В ней нарастала ненависть к Ранке.

— В чем он должен признаться? Он же невиновен.

— Ну, это дело капитана Ивеса. Он знает, как поступить в таком случае.

Часы в гостиной показывали около шести.

— Ты не должен оставаться здесь больше ни минуты, Отто. Достаточно того, что горничная тебя видела.

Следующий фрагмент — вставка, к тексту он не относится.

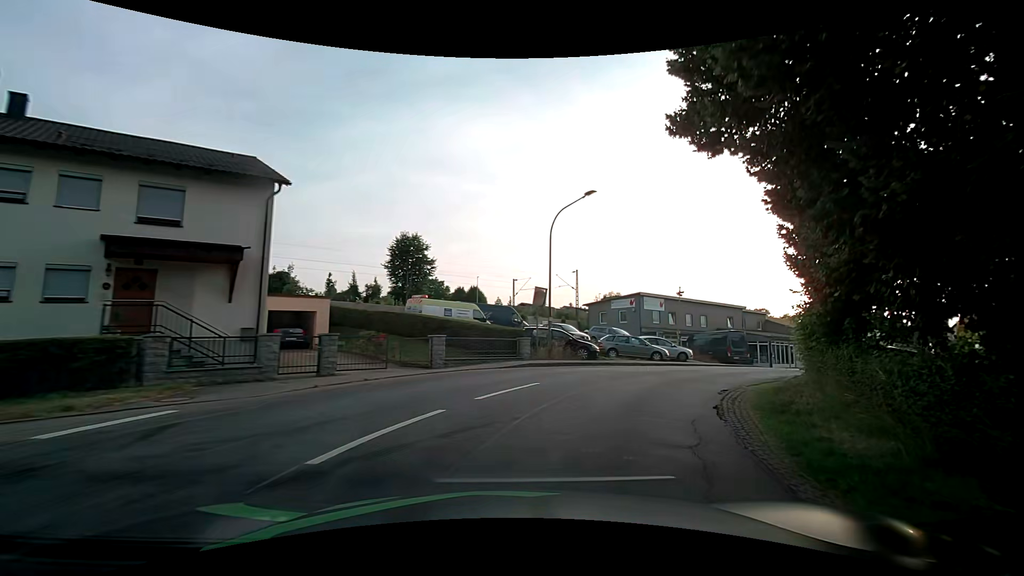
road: unclassified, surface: asphalt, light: Day
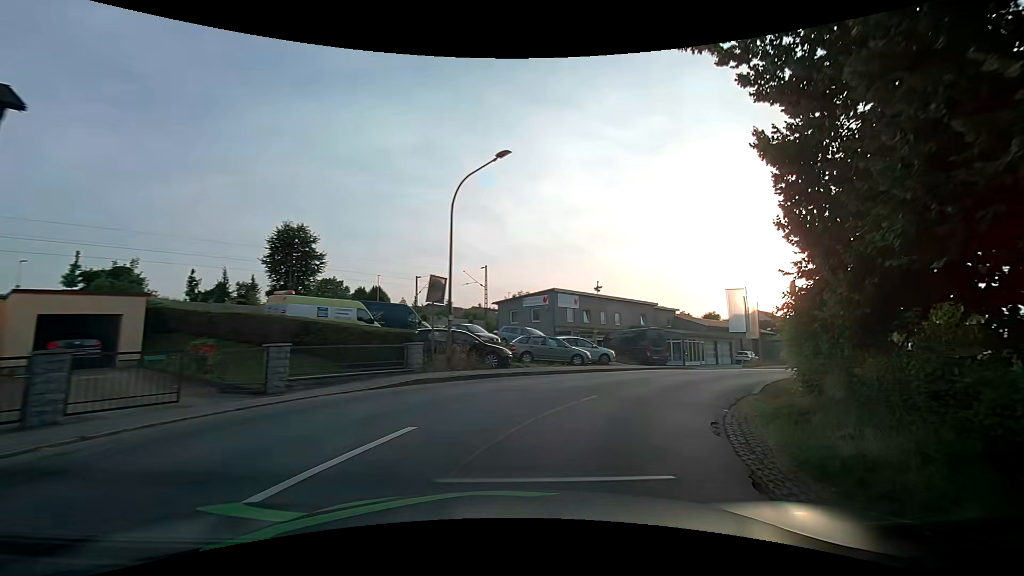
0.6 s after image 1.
(+0.4, +5.2) m; +9°
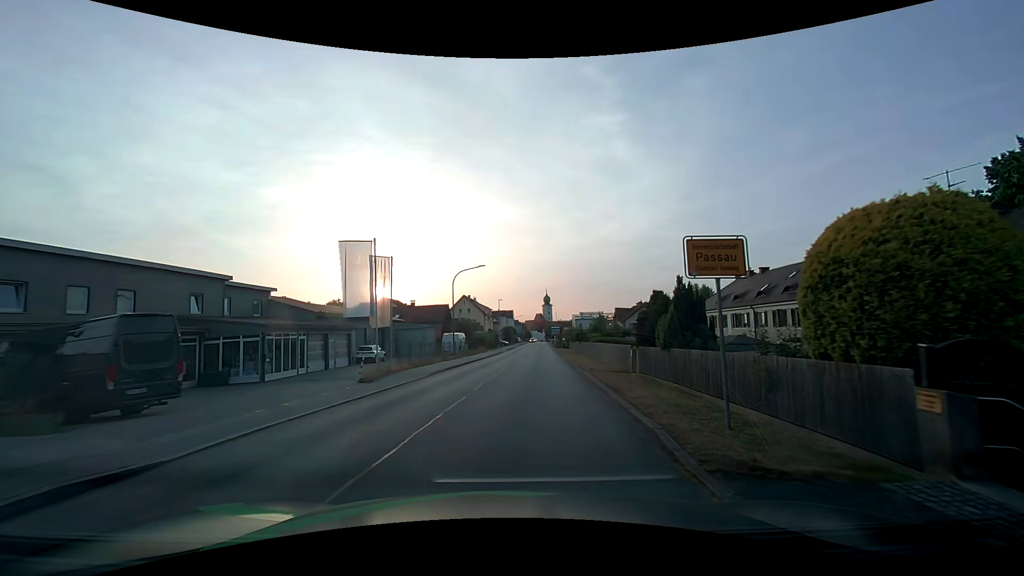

— Ах, ты все-таки ждешь кого-то?

— В принципе нет, но вполне возможно, что кто-нибудь и придет.

— Граф Каради?

Она попыталась оставаться спокойной.

— Почему это пришло тебе в голову?

— Вообще-то он был здесь в полдень.

— Я приглашала его к обеду, он навещает меня изредка. В конце концов, он был женат на моей сестре. — Она начинала нервничать. — Пожалуйста, Отто, будь благоразумным и уходи.

— Но только с тобой.

С неожиданной резкостью он притянул ее к себе так, что она застонала. Его руки сжали ее тисками, холодные влажные губы осыпали ее лицо поцелуями.

— Ты делаешь мне больно.

Он отпустил ее.

— Я люблю тебя, я не могу жить без тебя. С той поры, как ты уехала, жизнь превратилась в ад. Но теперь, когда я тебя нашел, я тебя больше не отпущу. Я уйду только с тобой.

— Но куда? Не думаешь же ты взять меня с собой в Алленштайн?

— Я живу у вокзала, в гостинице «Балтийский двор». Там мы сможем быть вместе.

Алекса задумалась. Через два дня он должен будет вернуться в Алленштайн. Два дня надо будет удерживать его там. Это сумасшедший, который уже убил однажды и способен убить еще раз.

— Хорошо, Отто, я поеду с тобой в отель. Или лучше я пойду вслед за тобой. Не нужно, чтобы горничная или кто-нибудь еще видели, как мы выходим из дома. — Она знала, что девушка уже ушла, — после того, как она все приберет на кухне, ей разрешалось уйти. — Возьми у вокзала Бельвю закрытый экипаж и жди меня там. Я буду через десять минут.